[Dataset excerpts]

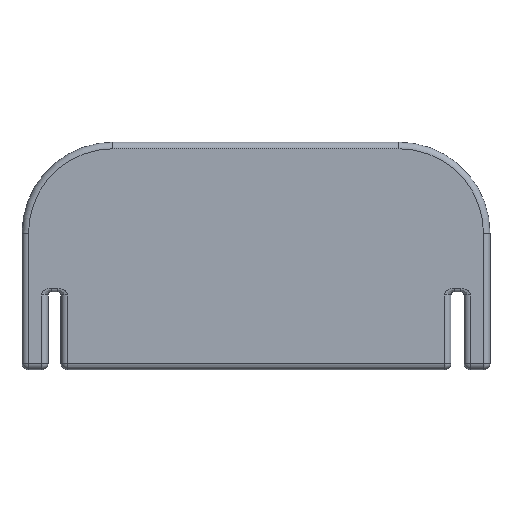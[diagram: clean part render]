
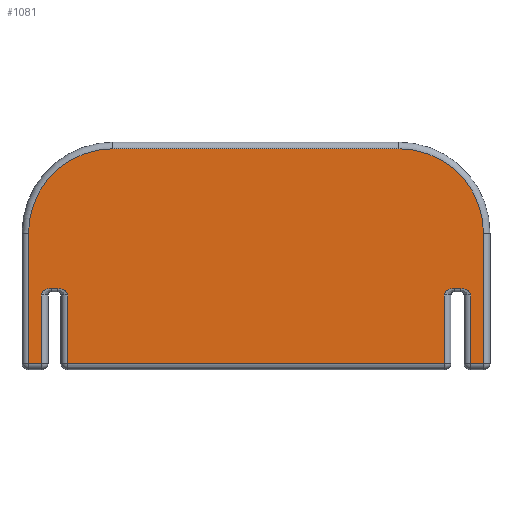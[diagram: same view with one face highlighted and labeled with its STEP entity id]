
A CAD part, front view. The second image highlights one B-rep face of the part: STEP entity #1081.
In plain terms, the highlighted planar face has unit normal (0, -1, 0).
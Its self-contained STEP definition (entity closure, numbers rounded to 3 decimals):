
#19=PLANE('',#1229);
#33=LINE('',#1698,#105);
#35=LINE('',#2022,#107);
#37=LINE('',#2284,#109);
#39=LINE('',#2322,#111);
#42=LINE('',#2340,#114);
#44=LINE('',#2346,#116);
#46=LINE('',#2358,#118);
#48=LINE('',#2367,#120);
#52=LINE('',#2373,#124);
#66=LINE('',#2412,#138);
#78=LINE('',#2430,#150);
#88=LINE('',#2445,#160);
#105=VECTOR('',#1279,10.);
#107=VECTOR('',#1299,10.);
#109=VECTOR('',#1323,10.);
#111=VECTOR('',#1367,10.);
#114=VECTOR('',#1388,10.);
#116=VECTOR('',#1394,10.);
#118=VECTOR('',#1408,10.);
#120=VECTOR('',#1420,10.);
#124=VECTOR('',#1428,10.);
#138=VECTOR('',#1476,10.);
#150=VECTOR('',#1500,10.);
#160=VECTOR('',#1520,10.);
#218=B_SPLINE_CURVE_WITH_KNOTS('',3,(#1847,#1848,#1849,#1850,#1851,#1852,
#1853,#1854),.UNSPECIFIED.,.F.,.F.,(4,1,1,1,1,4),(-1.,-0.786,
-0.571,-0.286,-0.143,0.),
 .UNSPECIFIED.);
#222=B_SPLINE_CURVE_WITH_KNOTS('',3,(#2011,#2012,#2013,#2014,#2015,#2016,
#2017,#2018,#2019),.UNSPECIFIED.,.F.,.F.,(4,1,1,1,1,1,4),(-1.,-0.857,
-0.786,-0.571,-0.286,-0.143,
0.),.UNSPECIFIED.);
#226=B_SPLINE_CURVE_WITH_KNOTS('',3,(#2188,#2189,#2190,#2191,#2192,#2193,
#2194,#2195,#2196),.UNSPECIFIED.,.F.,.F.,(4,1,1,1,1,1,4),(-1.,-0.857,
-0.786,-0.571,-0.286,-0.143,
0.),.UNSPECIFIED.);
#228=B_SPLINE_CURVE_WITH_KNOTS('',3,(#2274,#2275,#2276,#2277,#2278,#2279,
#2280,#2281),.UNSPECIFIED.,.F.,.F.,(4,1,1,1,1,4),(-1.,-0.786,
-0.571,-0.286,-0.143,0.),
 .UNSPECIFIED.);
#301=FACE_OUTER_BOUND('',#375,.T.);
#375=EDGE_LOOP('',(#937,#938,#939,#940,#941,#942,#943,#944,#945,#946,#947,
#948,#949,#950,#951,#952,#953,#954));
#440=CIRCLE('',#1179,13.);
#444=CIRCLE('',#1185,13.);
#461=VERTEX_POINT('',#1600);
#468=VERTEX_POINT('',#1694);
#475=VERTEX_POINT('',#1844);
#476=VERTEX_POINT('',#1846);
#483=VERTEX_POINT('',#2008);
#484=VERTEX_POINT('',#2010);
#491=VERTEX_POINT('',#2185);
#492=VERTEX_POINT('',#2187);
#498=VERTEX_POINT('',#2271);
#499=VERTEX_POINT('',#2273);
#508=VERTEX_POINT('',#2304);
#514=VERTEX_POINT('',#2318);
#517=VERTEX_POINT('',#2328);
#520=VERTEX_POINT('',#2335);
#521=VERTEX_POINT('',#2342);
#523=VERTEX_POINT('',#2348);
#525=VERTEX_POINT('',#2354);
#527=VERTEX_POINT('',#2360);
#553=EDGE_CURVE('',#461,#468,#33,.T.);
#561=EDGE_CURVE('',#475,#476,#218,.T.);
#569=EDGE_CURVE('',#483,#484,#222,.T.);
#571=EDGE_CURVE('',#468,#483,#35,.T.);
#579=EDGE_CURVE('',#491,#492,#226,.T.);
#586=EDGE_CURVE('',#498,#499,#228,.T.);
#588=EDGE_CURVE('',#484,#498,#37,.T.);
#605=EDGE_CURVE('',#499,#514,#39,.T.);
#614=EDGE_CURVE('',#514,#520,#42,.T.);
#617=EDGE_CURVE('',#520,#521,#44,.T.);
#620=EDGE_CURVE('',#521,#523,#440,.T.);
#623=EDGE_CURVE('',#523,#525,#46,.T.);
#626=EDGE_CURVE('',#525,#527,#444,.T.);
#628=EDGE_CURVE('',#527,#517,#48,.T.);
#632=EDGE_CURVE('',#517,#508,#52,.T.);
#654=EDGE_CURVE('',#508,#491,#66,.T.);
#666=EDGE_CURVE('',#492,#475,#78,.T.);
#676=EDGE_CURVE('',#476,#461,#88,.T.);
#937=ORIENTED_EDGE('',*,*,#586,.F.);
#938=ORIENTED_EDGE('',*,*,#588,.F.);
#939=ORIENTED_EDGE('',*,*,#569,.F.);
#940=ORIENTED_EDGE('',*,*,#571,.F.);
#941=ORIENTED_EDGE('',*,*,#553,.F.);
#942=ORIENTED_EDGE('',*,*,#676,.F.);
#943=ORIENTED_EDGE('',*,*,#561,.F.);
#944=ORIENTED_EDGE('',*,*,#666,.F.);
#945=ORIENTED_EDGE('',*,*,#579,.F.);
#946=ORIENTED_EDGE('',*,*,#654,.F.);
#947=ORIENTED_EDGE('',*,*,#632,.F.);
#948=ORIENTED_EDGE('',*,*,#628,.F.);
#949=ORIENTED_EDGE('',*,*,#626,.F.);
#950=ORIENTED_EDGE('',*,*,#623,.F.);
#951=ORIENTED_EDGE('',*,*,#620,.F.);
#952=ORIENTED_EDGE('',*,*,#617,.F.);
#953=ORIENTED_EDGE('',*,*,#614,.F.);
#954=ORIENTED_EDGE('',*,*,#605,.F.);
#1081=ADVANCED_FACE('',(#301),#19,.F.);
#1179=AXIS2_PLACEMENT_3D('',#2352,#1401,#1402);
#1185=AXIS2_PLACEMENT_3D('',#2364,#1415,#1416);
#1229=AXIS2_PLACEMENT_3D('',#2474,#1561,#1562);
#1279=DIRECTION('',(-1.,0.,0.));
#1299=DIRECTION('',(0.,0.,1.));
#1323=DIRECTION('',(-1.,0.,0.));
#1367=DIRECTION('',(0.,0.,-1.));
#1388=DIRECTION('',(-1.,0.,0.));
#1394=DIRECTION('',(0.,0.,1.));
#1401=DIRECTION('center_axis',(0.,1.,0.));
#1402=DIRECTION('ref_axis',(-0.707,0.,0.707));
#1408=DIRECTION('',(1.,0.,0.));
#1415=DIRECTION('center_axis',(0.,1.,0.));
#1416=DIRECTION('ref_axis',(0.707,0.,0.707));
#1420=DIRECTION('',(0.,0.,-1.));
#1428=DIRECTION('',(-1.,0.,0.));
#1476=DIRECTION('',(0.,0.,1.));
#1500=DIRECTION('',(-1.,0.,0.));
#1520=DIRECTION('',(0.,0.,-1.));
#1561=DIRECTION('center_axis',(0.,1.,0.));
#1562=DIRECTION('ref_axis',(1.,0.,0.));
#1600=CARTESIAN_POINT('',(29.,0.,1.));
#1694=CARTESIAN_POINT('',(-29.,0.,1.));
#1698=CARTESIAN_POINT('',(15.,0.,1.));
#1844=CARTESIAN_POINT('',(30.5,0.,12.5));
#1846=CARTESIAN_POINT('',(29.,0.,11.5));
#1847=CARTESIAN_POINT('Ctrl Pts',(30.5,0.,12.5));
#1848=CARTESIAN_POINT('Ctrl Pts',(30.366,0.,12.5));
#1849=CARTESIAN_POINT('Ctrl Pts',(30.072,0.,12.489));
#1850=CARTESIAN_POINT('Ctrl Pts',(29.572,0.,12.331));
#1851=CARTESIAN_POINT('Ctrl Pts',(29.216,0.,12.055));
#1852=CARTESIAN_POINT('Ctrl Pts',(29.036,0.,11.757));
#1853=CARTESIAN_POINT('Ctrl Pts',(29.,0.,11.589));
#1854=CARTESIAN_POINT('Ctrl Pts',(29.,0.,11.5));
#2008=CARTESIAN_POINT('',(-29.,0.,11.5));
#2010=CARTESIAN_POINT('',(-30.5,0.,12.5));
#2011=CARTESIAN_POINT('Ctrl Pts',(-29.,0.,11.5));
#2012=CARTESIAN_POINT('Ctrl Pts',(-29.,0.,11.589));
#2013=CARTESIAN_POINT('Ctrl Pts',(-29.027,0.,11.715));
#2014=CARTESIAN_POINT('Ctrl Pts',(-29.142,0.,11.945));
#2015=CARTESIAN_POINT('Ctrl Pts',(-29.394,0.,12.22));
#2016=CARTESIAN_POINT('Ctrl Pts',(-29.82,0.,12.428));
#2017=CARTESIAN_POINT('Ctrl Pts',(-30.222,0.,12.496));
#2018=CARTESIAN_POINT('Ctrl Pts',(-30.411,0.,12.5));
#2019=CARTESIAN_POINT('Ctrl Pts',(-30.5,0.,12.5));
#2022=CARTESIAN_POINT('',(-29.,0.,8.75));
#2185=CARTESIAN_POINT('',(33.,0.,11.5));
#2187=CARTESIAN_POINT('',(31.5,0.,12.5));
#2188=CARTESIAN_POINT('Ctrl Pts',(33.,0.,11.5));
#2189=CARTESIAN_POINT('Ctrl Pts',(33.,0.,11.589));
#2190=CARTESIAN_POINT('Ctrl Pts',(32.973,0.,11.715));
#2191=CARTESIAN_POINT('Ctrl Pts',(32.858,0.,11.945));
#2192=CARTESIAN_POINT('Ctrl Pts',(32.606,0.,12.22));
#2193=CARTESIAN_POINT('Ctrl Pts',(32.18,0.,12.428));
#2194=CARTESIAN_POINT('Ctrl Pts',(31.778,0.,12.496));
#2195=CARTESIAN_POINT('Ctrl Pts',(31.589,0.,12.5));
#2196=CARTESIAN_POINT('Ctrl Pts',(31.5,0.,12.5));
#2271=CARTESIAN_POINT('',(-31.5,0.,12.5));
#2273=CARTESIAN_POINT('',(-33.,0.,11.5));
#2274=CARTESIAN_POINT('Ctrl Pts',(-31.5,0.,12.5));
#2275=CARTESIAN_POINT('Ctrl Pts',(-31.634,0.,12.5));
#2276=CARTESIAN_POINT('Ctrl Pts',(-31.928,0.,12.489));
#2277=CARTESIAN_POINT('Ctrl Pts',(-32.428,0.,12.331));
#2278=CARTESIAN_POINT('Ctrl Pts',(-32.784,0.,12.055));
#2279=CARTESIAN_POINT('Ctrl Pts',(-32.964,0.,11.757));
#2280=CARTESIAN_POINT('Ctrl Pts',(-33.,0.,11.589));
#2281=CARTESIAN_POINT('Ctrl Pts',(-33.,0.,11.5));
#2284=CARTESIAN_POINT('',(-15.,0.,12.5));
#2304=CARTESIAN_POINT('',(33.,0.,1.));
#2318=CARTESIAN_POINT('',(-33.,0.,1.));
#2322=CARTESIAN_POINT('',(-33.,0.,14.75));
#2328=CARTESIAN_POINT('',(35.,0.,1.));
#2335=CARTESIAN_POINT('',(-35.,0.,1.));
#2340=CARTESIAN_POINT('',(-16.,0.,1.));
#2342=CARTESIAN_POINT('',(-35.,0.,21.));
#2346=CARTESIAN_POINT('',(-35.,0.,8.75));
#2348=CARTESIAN_POINT('',(-22.,0.,34.));
#2352=CARTESIAN_POINT('Origin',(-22.,0.,21.));
#2354=CARTESIAN_POINT('',(22.,0.,34.));
#2358=CARTESIAN_POINT('',(-18.,0.,34.));
#2360=CARTESIAN_POINT('',(35.,0.,21.));
#2364=CARTESIAN_POINT('Origin',(22.,0.,21.));
#2367=CARTESIAN_POINT('',(35.,0.,26.25));
#2373=CARTESIAN_POINT('',(18.,0.,1.));
#2412=CARTESIAN_POINT('',(33.,0.,8.75));
#2430=CARTESIAN_POINT('',(16.,0.,12.5));
#2445=CARTESIAN_POINT('',(29.,0.,14.75));
#2474=CARTESIAN_POINT('Origin',(0.,0.,17.5));

**TASK:** Every line of the records that includes the word "CIRCLE" should be gathered.

**SOLUTION TO THIS EXERCISE:**
#440=CIRCLE('',#1179,13.);
#444=CIRCLE('',#1185,13.);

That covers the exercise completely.